Current understanding and Expected behavior

My understanding is that Consul should automatically create and manage the TLS certs and distribute those certs to the Envoy pods. Additionally, this process should work, and I should not need to interfere with this process at all beyond configuration.

Environment details

Values.yaml used is included above.

consul-k8s: v1.4.0

consul:

Consul v1.18.1
Revision 98cb473c
Build Date 2024-03-26T21:59:08Z
Protocol 2 spoken by default, understands 2 to 3 (agent will automatically use protocol >2 when speaking to compatible agents)

Kubernetes is DigitalOcean (DOKS) v1.29.1-do.0.

Cilium, CoreDNS, CSI, Hubble, and Konnectivity are installed and managed by DigitalOcean.

I have deployed Traefik as the ingress controller.

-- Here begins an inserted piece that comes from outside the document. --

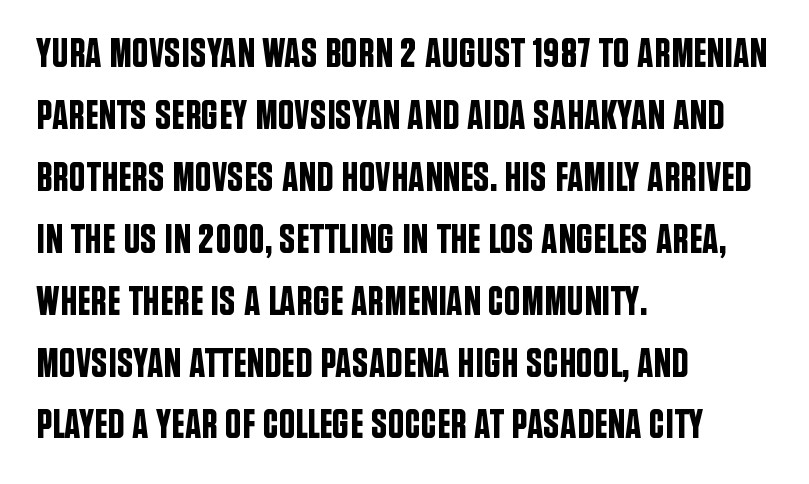
{"serif": "no", "italic": "no", "width": "condensed", "stroke_contrast": "low", "x_height": "large", "monospaced": "no", "underline": "no", "align": "left", "line_spacing": "normal", "line_spacing_ratio": 1.51, "letter_spacing": "normal", "letter_spacing_em": 0.0, "glyph_px": 41}
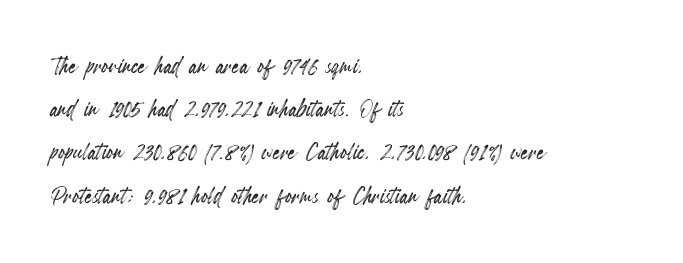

All infrastructure has been deployed using Terraform.

Additional Context

Router -> Initial Context ServiceIntention ```yaml apiVersion: consul.hashicorp.com/v1alpha1 kind: ServiceIntentions metadata: name: initial-context namespace: my-namespace spec: destination: name: initial-context sources: - name: router permissions: - action: allow http: methods: - GET - POST pathExact: /graph ```
blake commented 7 months ago

@craigbehnke Your application is trying to connect directly to the pod IP instead of the cluster IP for the K8s service, 10.245.228.123.

The traffic from the downstream proxy is being routed through the original-destination cluster which passes the connection directly through as a plain TCP connection without encryption. The upstream subsequently throws an error because it is expecting to receive TLS traffic, but instead is receiving an unencrypted connection from the downstream.

There's two potential solutions to this.

  1. Configure your application to connect to the upstream using the cluster IP address from the K8s Service.
  2. Enable transparentProxy.dialedDirectly=true in the ServiceDefaults config for the upstream service. This will allow downstream pods to access individual service instances by connecting to the pod IPs instead of the Service address.
craigbehnke commented 7 months ago

@blake You are a lifesaver! Thank you very much!

As an aside, is it better to target the service IP instead of the pod IP? If so, what would I change to get that to work? (I thought that the {svc-name}.service.consul address would resolve to that service-level resource)

blake commented 7 months ago

@craigbehnke You can either look up the service using the Kubernetes Service DNS name, or the Consul virtual IP address using the <name>.virtual.consul hostname. Either lookup will return an IP that allows Envoy to correctly match the incoming connection to the correct upstream service and route it appropriately.